Leadership - Fantasy: When you launch a company or take on a leadership role it's essential to have a clear and compelling picture of where you want to go. Robust work, global clients eager to provide case studies proving the value of what it is that you do, happy employees who demonstrate high levels of collaboration, accountability and a bias toward action. You will, of course, give others the credit for success, while savoring the satisfaction that your work, your ideas, your vision have come so fully to life. And you will be well compensated.

Leading - Reality: In reality, leadership demands everything you've got and a whole lot that you don't "got", so you have to go out and find it. Leading doesn't always show immediate signs of success. It's only when you make the effort each day, when you're tired and frustrated and somewhat lost in the complexity of your role, that good may later come of it

In my second book, Fierce Leadership, a memo to leaders begins:

"Congratulations. You are a leader. It's a heavy load but someone has to do it. The primary focus of your organization is growth. To help in this regard, it is your duty to lead change, manage and motivate a multi-generational workforce and execute initiatives that impact the top line and the bottom line while delivering short-term results.
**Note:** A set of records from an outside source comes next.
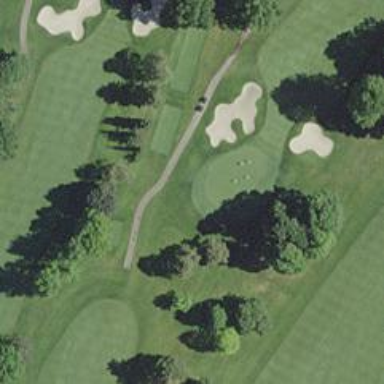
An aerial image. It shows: Path for golf carts.
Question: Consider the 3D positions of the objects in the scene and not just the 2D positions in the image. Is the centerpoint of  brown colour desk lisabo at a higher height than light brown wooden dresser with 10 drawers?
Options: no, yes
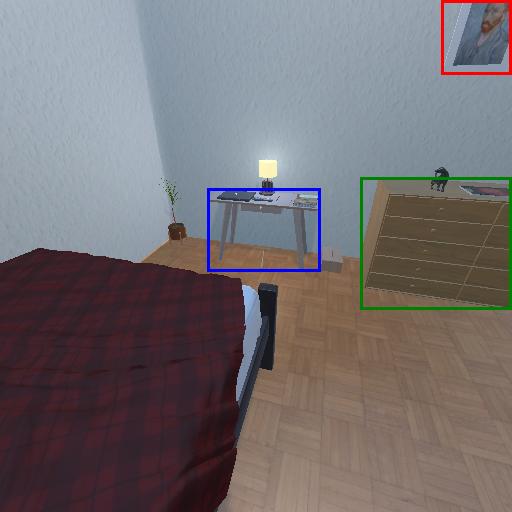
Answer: no
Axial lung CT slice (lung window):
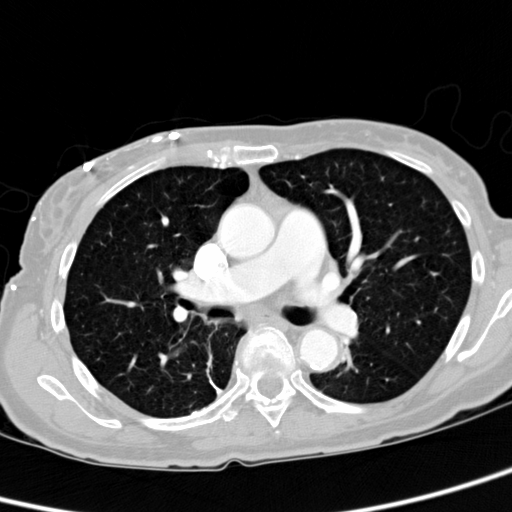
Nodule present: no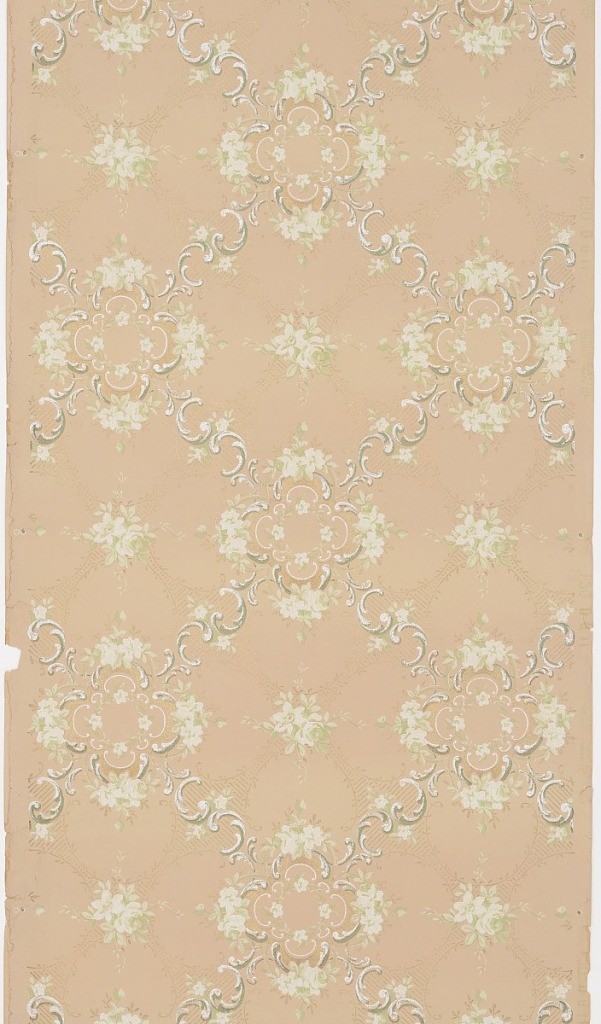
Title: Sidewall
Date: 1905–1915
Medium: Machine-printed paper, liquid mica
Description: On brown ground, curved treillage with some scalloped motifs in white, gold, blue, and white floral clusters.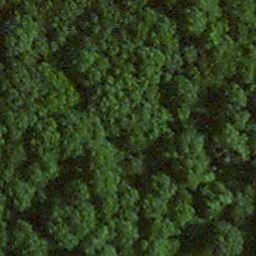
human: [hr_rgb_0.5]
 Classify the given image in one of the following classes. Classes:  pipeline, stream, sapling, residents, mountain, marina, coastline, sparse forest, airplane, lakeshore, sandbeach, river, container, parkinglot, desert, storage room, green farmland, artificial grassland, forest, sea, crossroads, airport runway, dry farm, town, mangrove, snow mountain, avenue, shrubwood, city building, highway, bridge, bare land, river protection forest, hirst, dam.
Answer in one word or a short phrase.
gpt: forest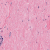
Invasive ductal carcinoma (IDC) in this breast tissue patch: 0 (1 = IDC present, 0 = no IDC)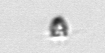
Label: Pyramimonas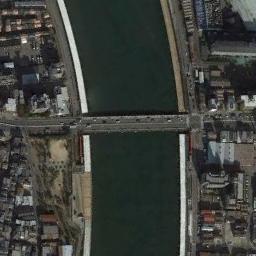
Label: bridge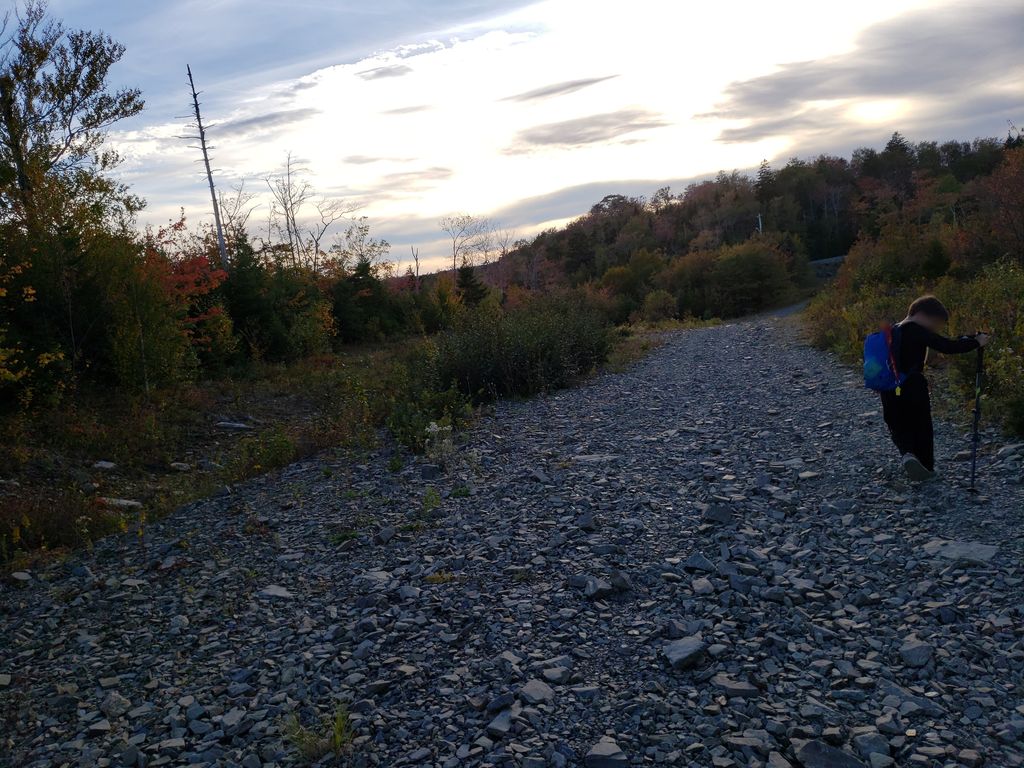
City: halifax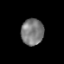
Tissue: lung
Cell type: Epithelial cells
Senescence score: 0.2276
Nuclear area (px): 585
Mean DAPI intensity: 123.554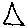
Label: triangle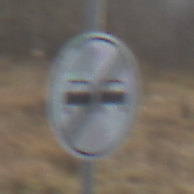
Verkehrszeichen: EndeUeberholverbot
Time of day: MorningAfternoon
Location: Outdoor (Nature)
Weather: PartlyCloudy
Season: NotSpecified
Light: Natural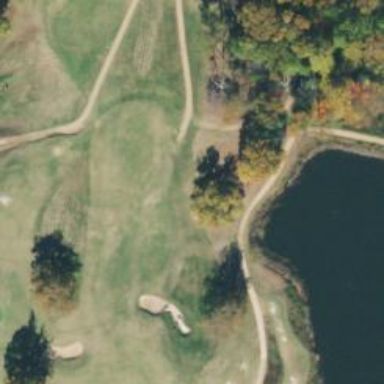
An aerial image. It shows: View of golf hole.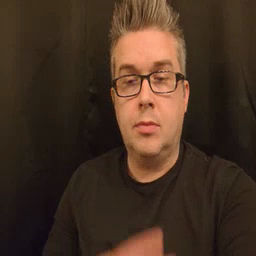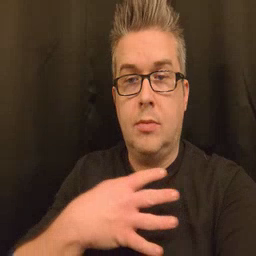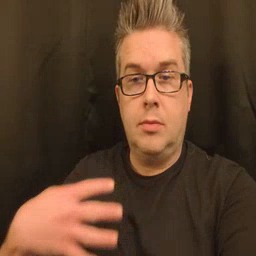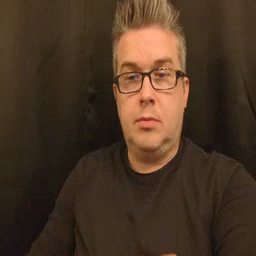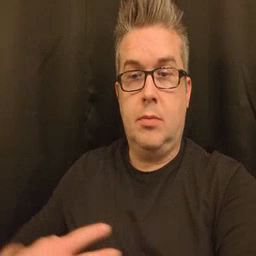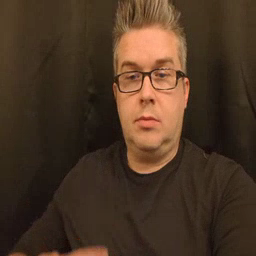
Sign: zebra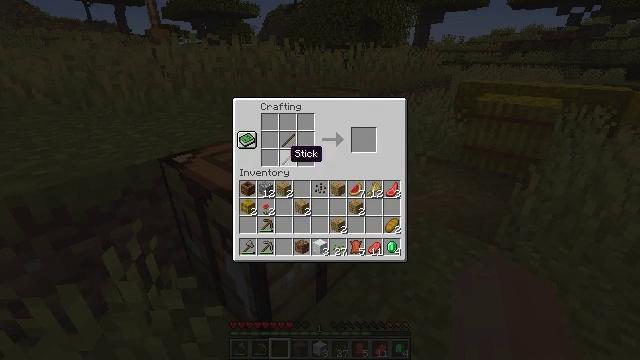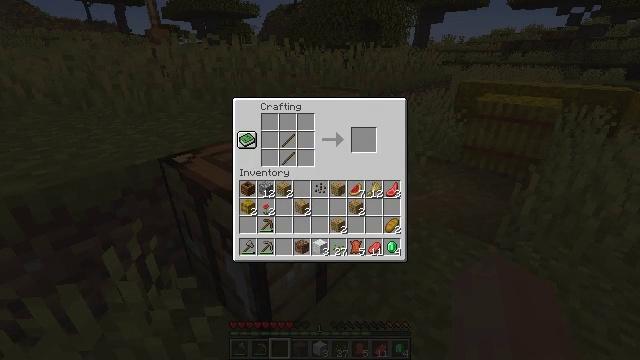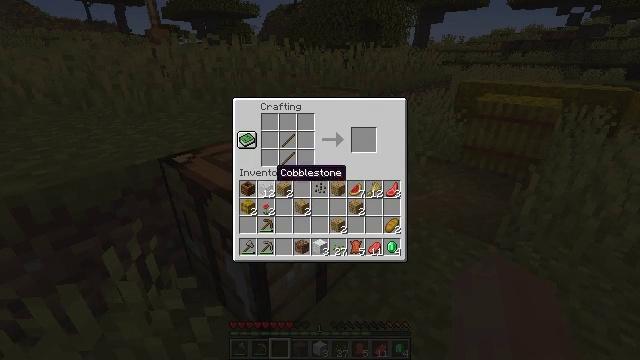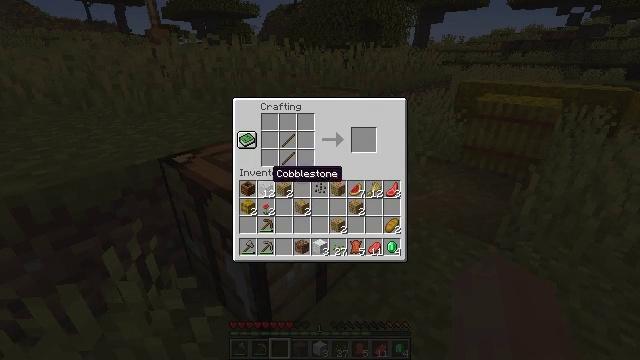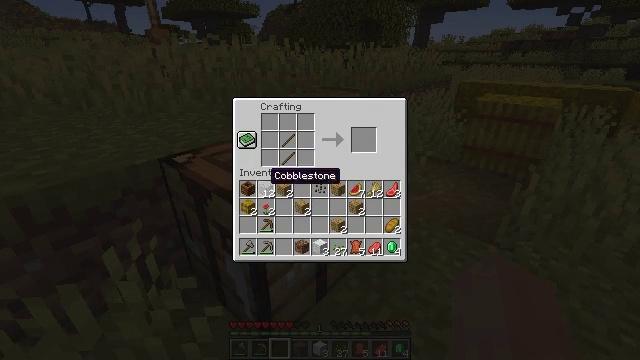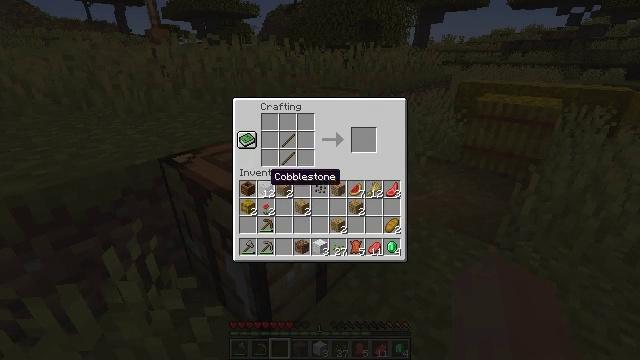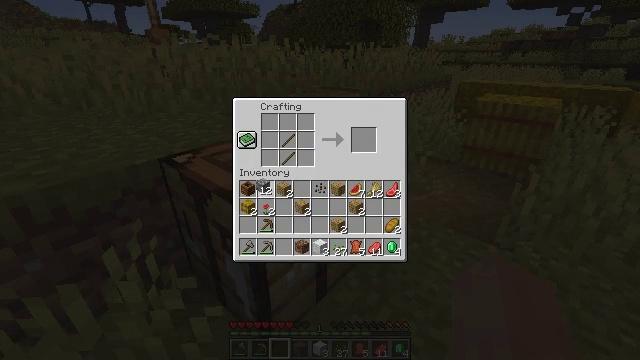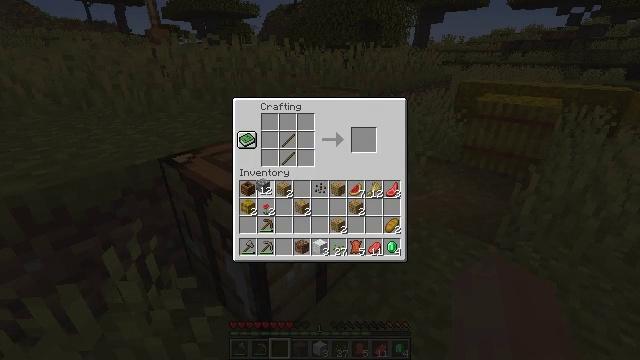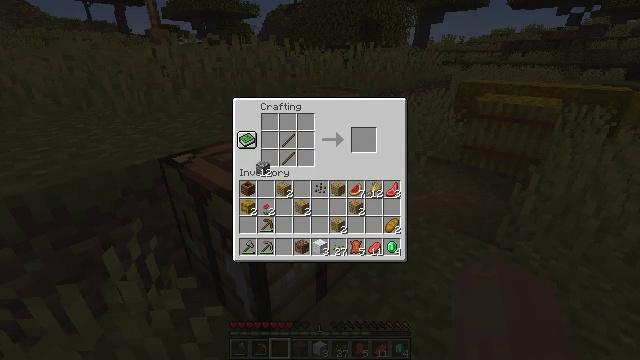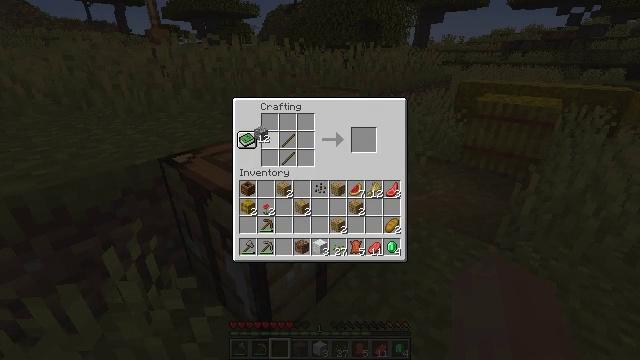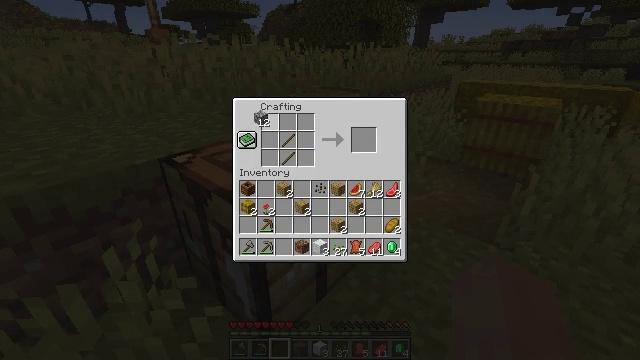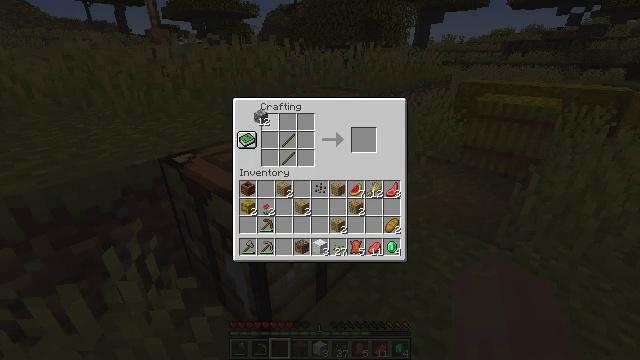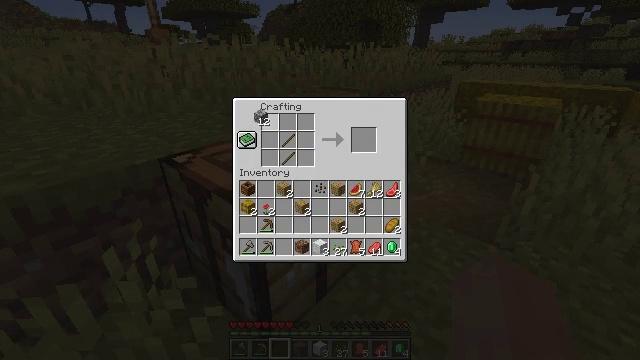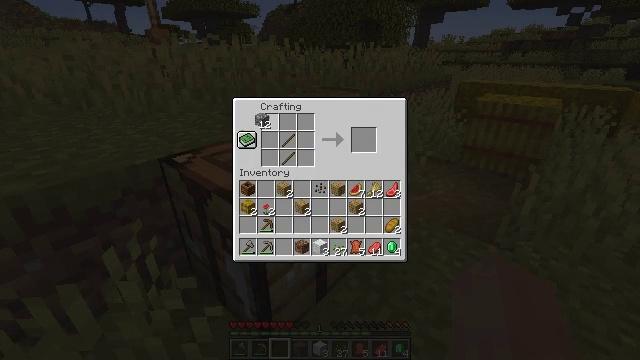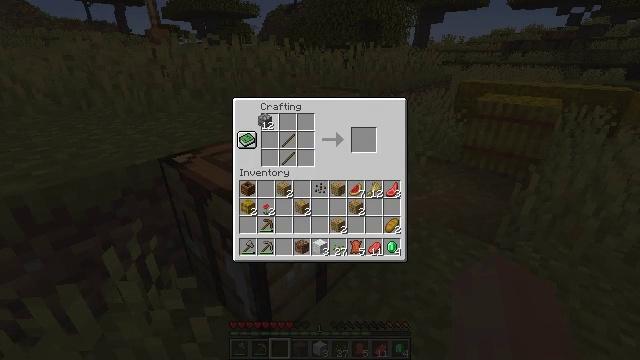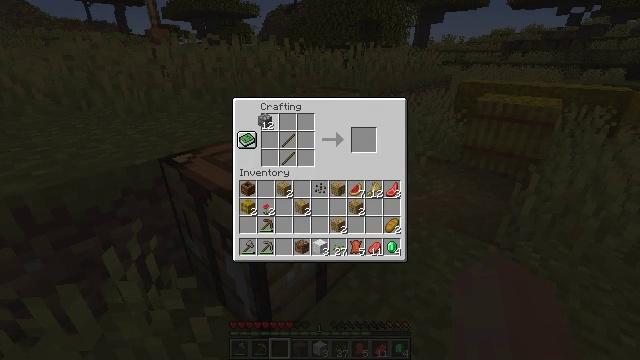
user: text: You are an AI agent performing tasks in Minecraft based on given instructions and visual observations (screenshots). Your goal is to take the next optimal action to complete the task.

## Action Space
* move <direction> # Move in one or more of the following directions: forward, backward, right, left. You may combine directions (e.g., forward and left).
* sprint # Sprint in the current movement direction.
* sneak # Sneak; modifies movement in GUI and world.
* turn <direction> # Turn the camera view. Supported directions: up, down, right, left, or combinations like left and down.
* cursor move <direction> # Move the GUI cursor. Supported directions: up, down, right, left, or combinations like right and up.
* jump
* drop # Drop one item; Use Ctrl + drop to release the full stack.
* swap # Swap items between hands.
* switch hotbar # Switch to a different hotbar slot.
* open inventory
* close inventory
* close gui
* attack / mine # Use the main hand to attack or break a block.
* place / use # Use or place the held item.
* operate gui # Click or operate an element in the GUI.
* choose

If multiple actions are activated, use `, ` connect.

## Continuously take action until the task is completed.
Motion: motion action
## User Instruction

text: Obtain a stone hoe through the crafting process.
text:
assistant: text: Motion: cursor move left and down
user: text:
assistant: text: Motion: no_op
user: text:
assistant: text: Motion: no_op
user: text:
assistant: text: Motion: no_op
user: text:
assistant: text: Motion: no_op
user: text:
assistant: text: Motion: operate gui
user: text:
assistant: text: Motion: operate gui
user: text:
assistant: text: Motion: cursor move up, operate gui
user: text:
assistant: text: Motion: cursor move up
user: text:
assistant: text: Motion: cursor move up
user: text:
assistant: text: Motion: no_op
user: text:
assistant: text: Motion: no_op
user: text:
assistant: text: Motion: no_op
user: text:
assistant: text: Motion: no_op
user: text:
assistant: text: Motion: no_op
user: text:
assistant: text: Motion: no_op
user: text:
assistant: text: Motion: no_op
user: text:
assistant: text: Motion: choose
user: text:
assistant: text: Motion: choose
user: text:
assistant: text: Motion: choose
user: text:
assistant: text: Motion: choose
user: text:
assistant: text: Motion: choose
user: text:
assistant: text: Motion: choose
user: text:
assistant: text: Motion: choose
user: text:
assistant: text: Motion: choose
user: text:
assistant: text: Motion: choose
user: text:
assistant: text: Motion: choose
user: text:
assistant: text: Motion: no_op
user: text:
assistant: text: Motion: no_op
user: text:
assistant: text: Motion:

You must demonstrate agility, speed, inclusiveness, strategic acumen and innovation, manage uncertainty and risk and mitigate the impacts of globalization, off-shoring, a recession, global warming and the price of oil, etc., etc., etc.

Some time ago, the beloved founders who kept balance between order and chaos cashed out, either by dying or cashing in their chips. Since then, Forces of Darkness have been vying for the top spot. You are all that stands between them and the destruction of the collective organizational soul. If you fail, Darkness will cover the earth, the stock value will plummet and Chaos will reign."

Leadership - Reality:

You won't always get a good night's sleep.

You will encounter mud and worse.
There aren't always signposts.
You will take wrong turns.
You will have to climb many steep hills.
You won't always get a good night's sleep.

Even one toxic employee can soil your culture.
Some will take pot shots at you.
And as Simon Sinek points out, leaders eat last. Unless you're the CEO of a bank, golden parachute in hand, those who choose leadership sometimes find that they make less money than they did as an individual contributor.

But at times, the view will be glorious, worth every bad night of sleep or extra, unexpected effort to get there.

In spite of the challenges, I wouldn't take anything for my 10 days on the Cotswold Way and for the privilege of leadership. Leadership is not meant to be a straight path with few or no obstacles.

Perhaps leadership is a long walk, an extended conversation with yourself, your employees, your customers and the unknown future unfolding around you, not knowing what's over the next hill or what you will encounter each day, an exercise in orienteering, moving from point to point in diverse and unfamiliar terrain, often at speed and at times, sans map and compass.

If you've chosen leadership for the right reasons, if for example you intend to champion the common good over narrow self interest, though at times your thought may be: I can't go on. You'll go on.